Outside of China, the economic fallout from the country’s lockdowns is growing.

Unimicron Technology Corp.

, a Taiwanese maker of circuit-boards for

Apple Inc.,

had resumed operations for a day at one of its subsidiaries in Kunshan when it was asked by authorities to stop work to comply with local Covid-prevention policies, the company said. Unimicron’s factories in Kunshan had already suspended production for three weeks beginning April 2, when the city imposed restriction measures.

More than 160 companies listed in Taiwan with operations in Shanghai and Kunshan have had to freeze production, according to Taiwan’s finance regulator last week. Several were suppliers to Tesla and Apple.
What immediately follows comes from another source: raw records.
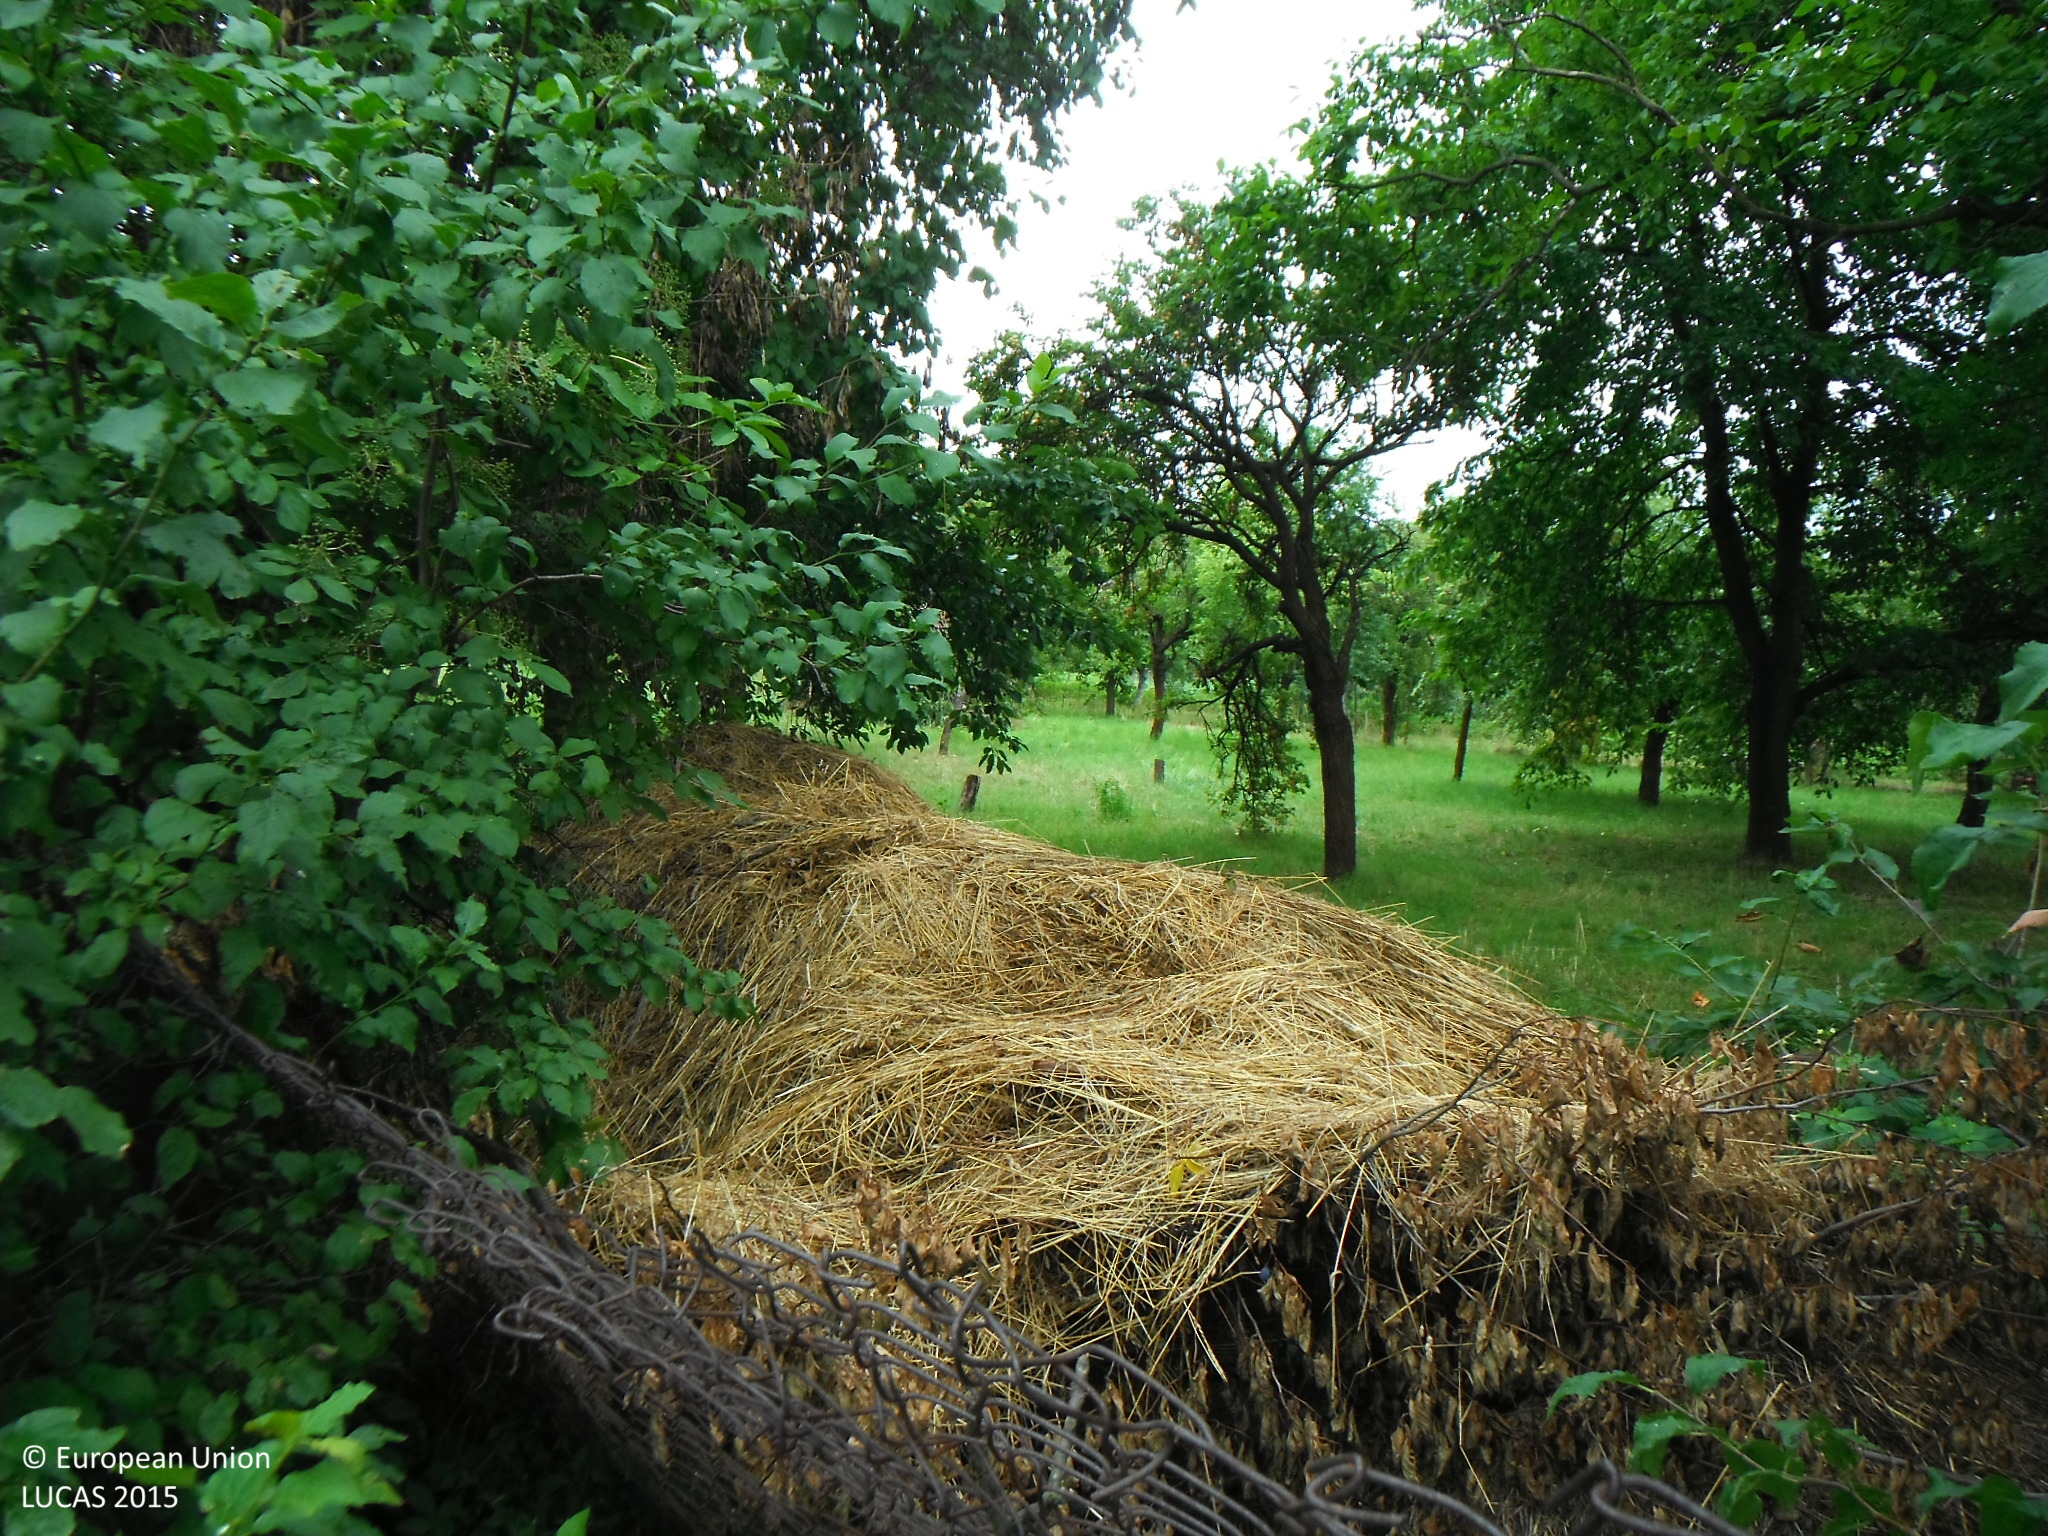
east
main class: Cropland
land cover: Nuts trees
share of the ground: 50 - 75 %
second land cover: Grassland without tree/shrub cover
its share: > 75 %
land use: Kitchen garden
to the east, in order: Nuts trees; Grassland without tree/shrub cover; Artificial constructions in urban areas; Spontaneously vegetated surfaces
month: July
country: SK
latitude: 48.7821
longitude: 21.3278

In a survey by the Shanghai Japanese Commerce and Industry Club released last week, some companies said they were unable to pay staff and clients due to bank closures, or because they had no access to the official company stamps needed to complete the transactions.

Honda Motor Co.

said it had to trim some production in Japan owing to a shortage of parts from China. The auto maker said Thursday that one of its major plants in Japan is operating at half-capacity this month and into the first part of May.

“We’re feeling the effects” of the Shanghai lockdown in Japan, said

Shinji Aoyama,

a Honda senior managing executive officer. “It’s not indirect. It’s a direct effect.”